EXERCISE MATERIAL
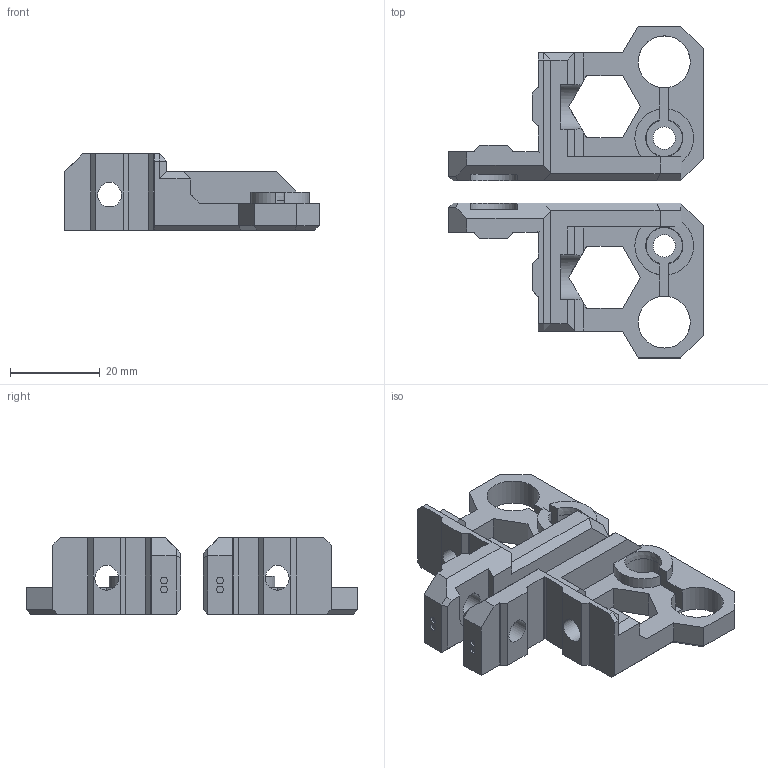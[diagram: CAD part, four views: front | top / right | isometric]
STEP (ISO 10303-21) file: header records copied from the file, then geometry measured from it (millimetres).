
FILE_DESCRIPTION(/* description */ (''),/* implementation_level */ '2;1');
FILE_NAME(/* name */ 'z_tops.step',/* time_stamp */ '2018-01-11T16:19:47+01:00',/* author */ ('gregsaun'),/* organization */ (''),/* preprocessor_version */ 'ST-DEVELOPER v16.13',/* originating_system */ 'Autodesk Translation Framework v6.5.0.72',/* authorisation */ '');
FILE_SCHEMA (('AUTOMOTIVE_DESIGN { 1 0 10303 214 3 1 1 }'));
Length unit declared in the file: millimetre
Products named in the file (4): z_top; z_tops; z_top_1; z_top(Mirror)
Assembly tree (3 placements, depth 3):
  z_top
    z_tops
      z_top_1
      z_top(Mirror)
Bounding box: 56.75 x 74 x 17 mm (x, y, z)
Volume: 18242.1 mm3; surface area: 11382.6 mm2
Topology: 2 solids, 18 shells, 282 faces, 702 edges, 456 vertices
Faces by surface type: plane 258, cylinder 22, cone 2
Full cylindrical faces by diameter (mm): 1.5 x4, 5 x2, 11.6 x2
Entity records: 8332 total; most frequent: CARTESIAN_POINT 1455, ORIENTED_EDGE 1404, DIRECTION 1334, EDGE_CURVE 702, LINE 640, VECTOR 640, VERTEX_POINT 456, AXIS2_PLACEMENT_3D 347
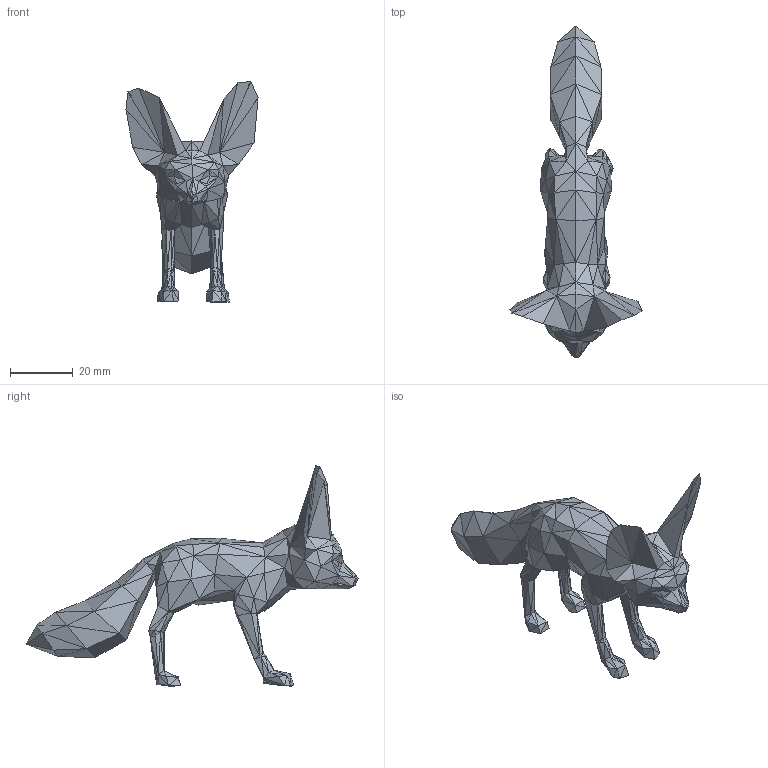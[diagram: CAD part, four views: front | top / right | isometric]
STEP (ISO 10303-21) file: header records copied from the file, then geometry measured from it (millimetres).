
FILE_DESCRIPTION((''),'2;1');
FILE_NAME('Fennec_Fox', '2025-05-30T08:49:32', (''), (''), 'ImageToStl.com STEP Converter','', '');
FILE_SCHEMA(('AUTOMOTIVE_DESIGN_CC2'));
Length unit declared in the file: metre
Products named in the file (1): product0
Bounding box: 42.25 x 106.21 x 70.51 mm (x, y, z)
Surface area: 9946.3 mm2 (no closed solid volume)
Topology: 0 solids, 622 shells, 622 faces, 1866 edges, 313 vertices
Faces by surface type: plane 622
Entity records: 14338 total; most frequent: DIRECTION 3112, ORIENTED_EDGE 1866, EDGE_CURVE 1866, LINE 1866, VECTOR 1866, AXIS2_PLACEMENT_3D 623, FACE_SURFACE 622, PLANE 622
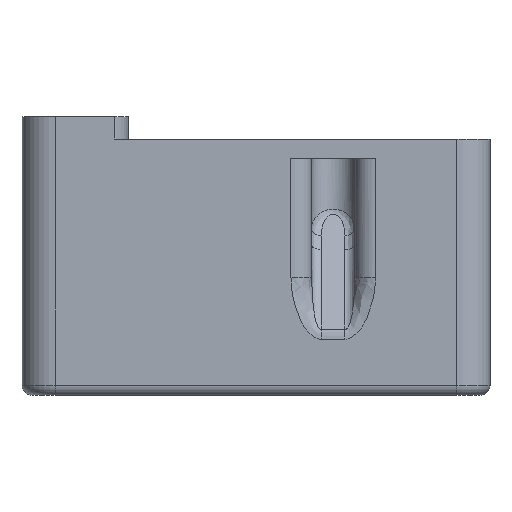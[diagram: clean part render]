
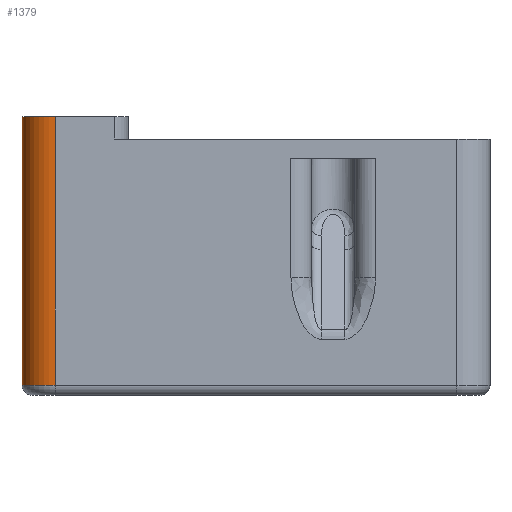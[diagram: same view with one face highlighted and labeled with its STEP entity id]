
A CAD part, left-side view. The second image highlights one B-rep face of the part: STEP entity #1379.
In plain terms, the highlighted cylindrical face has radius 5.2 mm (diameter 10.4 mm), a partial arc.
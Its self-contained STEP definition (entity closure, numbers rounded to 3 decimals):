
#32 = PLANE('',#33);
#33 = AXIS2_PLACEMENT_3D('',#34,#35,#36);
#34 = CARTESIAN_POINT('',(-74.6,35.,0.));
#35 = DIRECTION('',(1.,0.,-0.));
#36 = DIRECTION('',(0.,-1.,0.));
#497 = VERTEX_POINT('',#498);
#498 = CARTESIAN_POINT('',(-74.6,31.4,0.));
#526 = EDGE_CURVE('',#497,#527,#529,.T.);
#527 = VERTEX_POINT('',#528);
#528 = CARTESIAN_POINT('',(-74.6,31.4,42.));
#529 = SURFACE_CURVE('',#530,(#534,#541),.PCURVE_S1.);
#530 = LINE('',#531,#532);
#531 = CARTESIAN_POINT('',(-74.6,31.4,0.));
#532 = VECTOR('',#533,1.);
#533 = DIRECTION('',(0.,0.,1.));
#534 = PCURVE('',#32,#535);
#535 = DEFINITIONAL_REPRESENTATION('',(#536),#540);
#536 = LINE('',#537,#538);
#537 = CARTESIAN_POINT('',(3.6,0.));
#538 = VECTOR('',#539,1.);
#539 = DIRECTION('',(0.,-1.));
#540 = ( GEOMETRIC_REPRESENTATION_CONTEXT(2) 
PARAMETRIC_REPRESENTATION_CONTEXT() REPRESENTATION_CONTEXT('2D SPACE',''
  ) );
#541 = PCURVE('',#542,#547);
#542 = CYLINDRICAL_SURFACE('',#543,5.2);
#543 = AXIS2_PLACEMENT_3D('',#544,#545,#546);
#544 = CARTESIAN_POINT('',(-69.4,31.4,0.));
#545 = DIRECTION('',(0.,0.,1.));
#546 = DIRECTION('',(-0.,1.,0.));
#547 = DEFINITIONAL_REPRESENTATION('',(#548),#552);
#548 = LINE('',#549,#550);
#549 = CARTESIAN_POINT('',(1.571,0.));
#550 = VECTOR('',#551,1.);
#551 = DIRECTION('',(0.,1.));
#552 = ( GEOMETRIC_REPRESENTATION_CONTEXT(2) 
PARAMETRIC_REPRESENTATION_CONTEXT() REPRESENTATION_CONTEXT('2D SPACE',''
  ) );
#570 = PLANE('',#571);
#571 = AXIS2_PLACEMENT_3D('',#572,#573,#574);
#572 = CARTESIAN_POINT('',(0.,0.,42.));
#573 = DIRECTION('',(0.,0.,1.));
#574 = DIRECTION('',(1.,0.,-0.));
#1340 = TOROIDAL_SURFACE('',#1341,3.6,1.6);
#1341 = AXIS2_PLACEMENT_3D('',#1342,#1343,#1344);
#1342 = CARTESIAN_POINT('',(-69.4,31.4,0.));
#1343 = DIRECTION('',(0.,0.,1.));
#1344 = DIRECTION('',(0.,-1.,0.));
#1379 = ADVANCED_FACE('',(#1380),#542,.T.);
#1380 = FACE_BOUND('',#1381,.T.);
#1381 = EDGE_LOOP('',(#1382,#1406,#1407,#1431));
#1382 = ORIENTED_EDGE('',*,*,#1383,.T.);
#1383 = EDGE_CURVE('',#1384,#497,#1386,.T.);
#1384 = VERTEX_POINT('',#1385);
#1385 = CARTESIAN_POINT('',(-69.4,36.6,0.));
#1386 = SURFACE_CURVE('',#1387,(#1392,#1399),.PCURVE_S1.);
#1387 = CIRCLE('',#1388,5.2);
#1388 = AXIS2_PLACEMENT_3D('',#1389,#1390,#1391);
#1389 = CARTESIAN_POINT('',(-69.4,31.4,0.));
#1390 = DIRECTION('',(-0.,0.,1.));
#1391 = DIRECTION('',(0.,-1.,0.));
#1392 = PCURVE('',#542,#1393);
#1393 = DEFINITIONAL_REPRESENTATION('',(#1394),#1398);
#1394 = LINE('',#1395,#1396);
#1395 = CARTESIAN_POINT('',(-3.142,0.));
#1396 = VECTOR('',#1397,1.);
#1397 = DIRECTION('',(1.,0.));
#1398 = ( GEOMETRIC_REPRESENTATION_CONTEXT(2) 
PARAMETRIC_REPRESENTATION_CONTEXT() REPRESENTATION_CONTEXT('2D SPACE',''
  ) );
#1399 = PCURVE('',#1340,#1400);
#1400 = DEFINITIONAL_REPRESENTATION('',(#1401),#1405);
#1401 = LINE('',#1402,#1403);
#1402 = CARTESIAN_POINT('',(0.,6.283));
#1403 = VECTOR('',#1404,1.);
#1404 = DIRECTION('',(1.,0.));
#1405 = ( GEOMETRIC_REPRESENTATION_CONTEXT(2) 
PARAMETRIC_REPRESENTATION_CONTEXT() REPRESENTATION_CONTEXT('2D SPACE',''
  ) );
#1406 = ORIENTED_EDGE('',*,*,#526,.T.);
#1407 = ORIENTED_EDGE('',*,*,#1408,.F.);
#1408 = EDGE_CURVE('',#1409,#527,#1411,.T.);
#1409 = VERTEX_POINT('',#1410);
#1410 = CARTESIAN_POINT('',(-69.4,36.6,42.));
#1411 = SURFACE_CURVE('',#1412,(#1417,#1424),.PCURVE_S1.);
#1412 = CIRCLE('',#1413,5.2);
#1413 = AXIS2_PLACEMENT_3D('',#1414,#1415,#1416);
#1414 = CARTESIAN_POINT('',(-69.4,31.4,42.));
#1415 = DIRECTION('',(-0.,0.,1.));
#1416 = DIRECTION('',(0.,-1.,0.));
#1417 = PCURVE('',#542,#1418);
#1418 = DEFINITIONAL_REPRESENTATION('',(#1419),#1423);
#1419 = LINE('',#1420,#1421);
#1420 = CARTESIAN_POINT('',(-3.142,42.));
#1421 = VECTOR('',#1422,1.);
#1422 = DIRECTION('',(1.,0.));
#1423 = ( GEOMETRIC_REPRESENTATION_CONTEXT(2) 
PARAMETRIC_REPRESENTATION_CONTEXT() REPRESENTATION_CONTEXT('2D SPACE',''
  ) );
#1424 = PCURVE('',#570,#1425);
#1425 = DEFINITIONAL_REPRESENTATION('',(#1426),#1430);
#1426 = CIRCLE('',#1427,5.2);
#1427 = AXIS2_PLACEMENT_2D('',#1428,#1429);
#1428 = CARTESIAN_POINT('',(-69.4,31.4));
#1429 = DIRECTION('',(0.,-1.));
#1430 = ( GEOMETRIC_REPRESENTATION_CONTEXT(2) 
PARAMETRIC_REPRESENTATION_CONTEXT() REPRESENTATION_CONTEXT('2D SPACE',''
  ) );
#1431 = ORIENTED_EDGE('',*,*,#1432,.F.);
#1432 = EDGE_CURVE('',#1384,#1409,#1433,.T.);
#1433 = SURFACE_CURVE('',#1434,(#1438,#1445),.PCURVE_S1.);
#1434 = LINE('',#1435,#1436);
#1435 = CARTESIAN_POINT('',(-69.4,36.6,0.));
#1436 = VECTOR('',#1437,1.);
#1437 = DIRECTION('',(0.,0.,1.));
#1438 = PCURVE('',#542,#1439);
#1439 = DEFINITIONAL_REPRESENTATION('',(#1440),#1444);
#1440 = LINE('',#1441,#1442);
#1441 = CARTESIAN_POINT('',(0.,0.));
#1442 = VECTOR('',#1443,1.);
#1443 = DIRECTION('',(0.,1.));
#1444 = ( GEOMETRIC_REPRESENTATION_CONTEXT(2) 
PARAMETRIC_REPRESENTATION_CONTEXT() REPRESENTATION_CONTEXT('2D SPACE',''
  ) );
#1445 = PCURVE('',#1446,#1451);
#1446 = PLANE('',#1447);
#1447 = AXIS2_PLACEMENT_3D('',#1448,#1449,#1450);
#1448 = CARTESIAN_POINT('',(73.,36.6,0.));
#1449 = DIRECTION('',(0.,-1.,0.));
#1450 = DIRECTION('',(-1.,0.,0.));
#1451 = DEFINITIONAL_REPRESENTATION('',(#1452),#1456);
#1452 = LINE('',#1453,#1454);
#1453 = CARTESIAN_POINT('',(142.4,0.));
#1454 = VECTOR('',#1455,1.);
#1455 = DIRECTION('',(0.,-1.));
#1456 = ( GEOMETRIC_REPRESENTATION_CONTEXT(2) 
PARAMETRIC_REPRESENTATION_CONTEXT() REPRESENTATION_CONTEXT('2D SPACE',''
  ) );
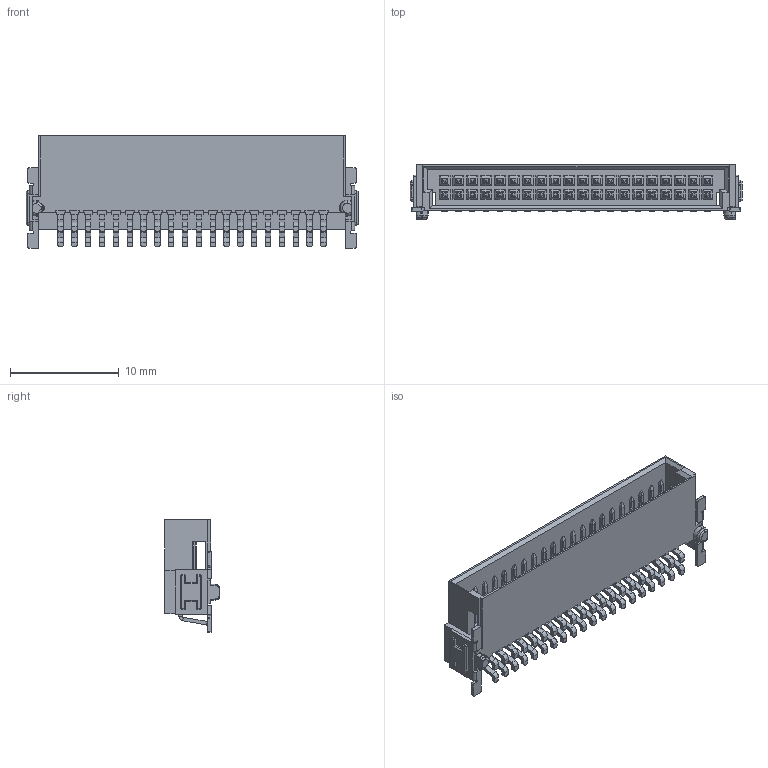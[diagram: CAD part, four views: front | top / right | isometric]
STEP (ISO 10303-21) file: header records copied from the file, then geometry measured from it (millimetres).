
FILE_DESCRIPTION(('CATIA V5 STEP Exchange','CAx-IF Rec.Pracs.--- Model Styling and Organization---1.4--- 2014-01-23'),'2;1');
FILE_NAME ('D1463902_0_2747210000_2747210000.stp','2020-10-01T13:50:46+00:00',('none'),('Weidmueller'),'CATIA Version 5-6 Release 2016 SP3 HF44','CATIA V5 STEP AP214','none');
FILE_SCHEMA(('AUTOMOTIVE_DESIGN { 1 0 10303 214 1 1 1 1 }'));
Products named in the file (1): 2747210000
Bounding box: 30.48 x 5 x 10.35 mm (x, y, z)
Volume: 474.2 mm3; surface area: 1785.6 mm2
Topology: 1 solids, 1 shells, 3188 faces, 8247 edges, 4856 vertices
Faces by surface type: plane 2514, cylinder 461, extrusion 160, cone 23, torus 18, sphere 8, bspline 4
Entity records: 95935 total; most frequent: CARTESIAN_POINT 22376, ORIENTED_EDGE 16494, DIRECTION 12319, EDGE_CURVE 8247, VECTOR 7059, LINE 6899, VERTEX_POINT 4856, EDGE_LOOP 3311
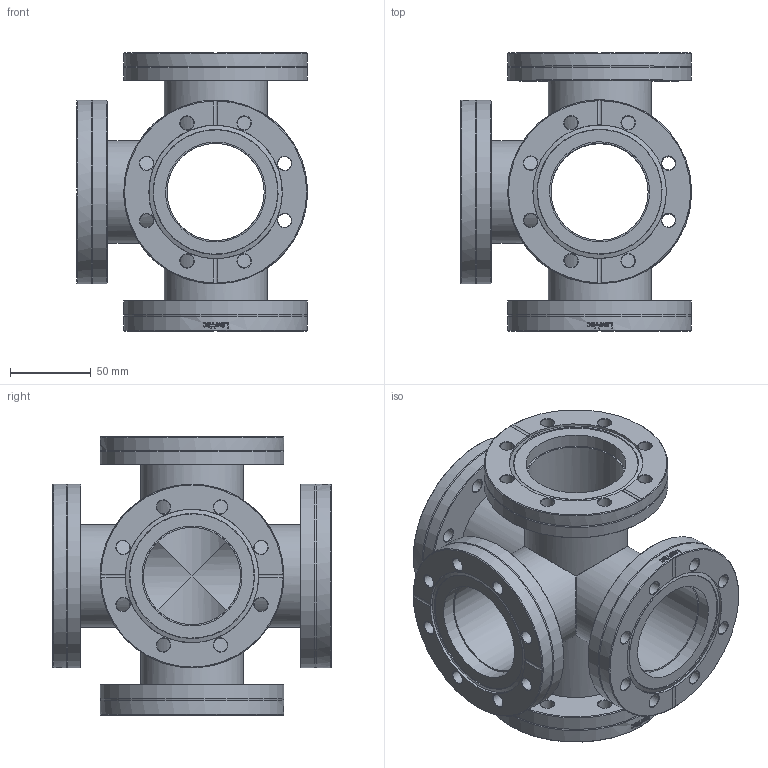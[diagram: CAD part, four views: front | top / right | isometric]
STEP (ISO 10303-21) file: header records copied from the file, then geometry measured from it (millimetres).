
FILE_DESCRIPTION(/* description */ (''),/* implementation_level */ '2;1');
FILE_NAME(/* name */ 'FL-5X63CF.stp',/* time_stamp */ '2018-03-01T15:05:20+00:00',/* author */ ('paul'),/* organization */ (''),/* preprocessor_version */ 'ST-DEVELOPER v17',/* originating_system */ 'Autodesk Inventor 2018',/* authorisation */ '');
FILE_SCHEMA (('AUTOMOTIVE_DESIGN { 1 0 10303 214 3 1 1 }'));
Products named in the file (7): FL-5X63CF; TUBE; TUBE2; FL-63CFR-64; FL-63CF-OUT; FL-63CF-IN63.5; FL-63CF-64
Assembly tree (12 placements, depth 3):
  FL-5X63CF
    TUBE  x4
    TUBE2
    FL-63CFR-64  x3
      FL-63CF-OUT
      FL-63CF-IN63.5
    FL-63CF-64  x2
Bounding box: 142.65 x 171.8 x 171.8 mm (x, y, z)
Volume: 663999.6 mm3; surface area: 268070.2 mm2
Topology: 13 solids, 13 shells, 716 faces, 1946 edges, 1296 vertices
Faces by surface type: bspline 265, plane 202, cylinder 131, cone 113, torus 5
Full cylindrical faces by diameter (mm): 8.4 x40, 60 x5, 61.8 x5, 63.5 x10, 70.5 x3, 82.3 x3, 82.5 x5, 113.5 x10
Entity records: 34362 total; most frequent: CARTESIAN_POINT 27425, ORIENTED_EDGE 1558, DIRECTION 1104, EDGE_CURVE 779, VERTEX_POINT 519, AXIS2_PLACEMENT_3D 412, EDGE_LOOP 344, B_SPLINE_CURVE_WITH_KNOTS 286

EXERCISE OBJECTIVE
In the listing above, find the line with "#1447 = AXIS2_PLACEMENT_3D('',#1448,#1449,#1450);" and the line with "Faces by surface type: plane 2514, cylinder". Set down exactly those lines and everything between them, skipping pictures.

OUTPUT OF THE EXERCISE
#1447 = AXIS2_PLACEMENT_3D('',#1448,#1449,#1450);
#1448 = CARTESIAN_POINT('',(73.,36.6,0.));
#1449 = DIRECTION('',(0.,-1.,0.));
#1450 = DIRECTION('',(-1.,0.,0.));
#1451 = DEFINITIONAL_REPRESENTATION('',(#1452),#1456);
#1452 = LINE('',#1453,#1454);
#1453 = CARTESIAN_POINT('',(142.4,0.));
#1454 = VECTOR('',#1455,1.);
#1455 = DIRECTION('',(0.,-1.));
#1456 = ( GEOMETRIC_REPRESENTATION_CONTEXT(2) 
PARAMETRIC_REPRESENTATION_CONTEXT() REPRESENTATION_CONTEXT('2D SPACE',''
  ) );
[diagram: CAD part, four views: front | top / right | isometric]
STEP (ISO 10303-21) file: header records copied from the file, then geometry measured from it (millimetres).
FILE_DESCRIPTION(('CATIA V5 STEP Exchange','CAx-IF Rec.Pracs.--- Model Styling and Organization---1.4--- 2014-01-23'),'2;1');
FILE_NAME ('D1463902_0_2747210000_2747210000.stp','2020-10-01T13:50:46+00:00',('none'),('Weidmueller'),'CATIA Version 5-6 Release 2016 SP3 HF44','CATIA V5 STEP AP214','none');
FILE_SCHEMA(('AUTOMOTIVE_DESIGN { 1 0 10303 214 1 1 1 1 }'));
Products named in the file (1): 2747210000
Bounding box: 30.48 x 5 x 10.35 mm (x, y, z)
Volume: 474.2 mm3; surface area: 1785.6 mm2
Topology: 1 solids, 1 shells, 3188 faces, 8247 edges, 4856 vertices
Faces by surface type: plane 2514, cylinder 461, extrusion 160, cone 23, torus 18, sphere 8, bspline 4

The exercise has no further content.